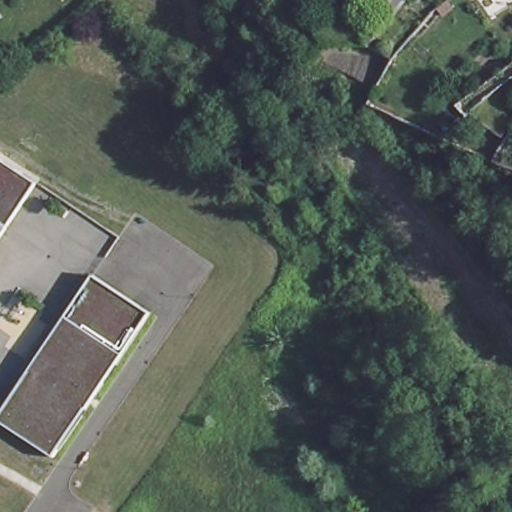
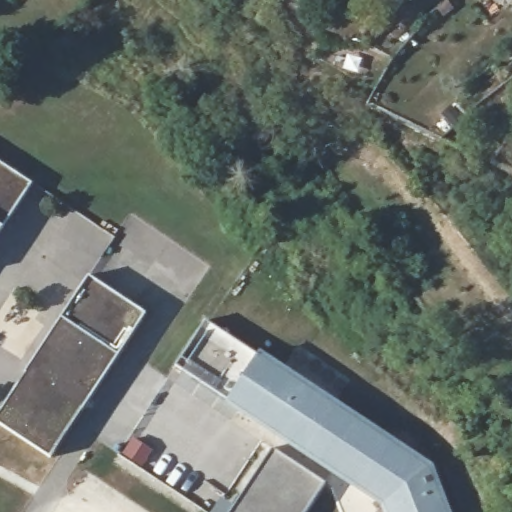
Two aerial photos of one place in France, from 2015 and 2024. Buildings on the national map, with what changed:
unchanged [(413,9),(412,9),(401,0),(421,0),(413,9)]
unchanged [(468,3),(470,1),(469,0),(492,0),(486,5),(477,11),(468,3)]
unchanged [(1,228),(0,229),(0,162),(32,183),(1,228)]
unchanged [(50,457),(0,423),(0,412),(88,277),(144,314),(50,457)]
new [(225,404),(175,367),(206,321),(257,355),(260,351),(432,465),(450,512),(382,512),(380,507),(225,404)]
new [(322,483),(303,512),(230,512),(271,450),(322,483)]

### Work item
The answer must be an exact copy of the records above, with the pictures left out.

### Answer space
Two aerial photos of one place in France, from 2015 and 2024. Buildings on the national map, with what changed:
unchanged [(413,9),(412,9),(401,0),(421,0),(413,9)]
unchanged [(468,3),(470,1),(469,0),(492,0),(486,5),(477,11),(468,3)]
unchanged [(1,228),(0,229),(0,162),(32,183),(1,228)]
unchanged [(50,457),(0,423),(0,412),(88,277),(144,314),(50,457)]
new [(225,404),(175,367),(206,321),(257,355),(260,351),(432,465),(450,512),(382,512),(380,507),(225,404)]
new [(322,483),(303,512),(230,512),(271,450),(322,483)]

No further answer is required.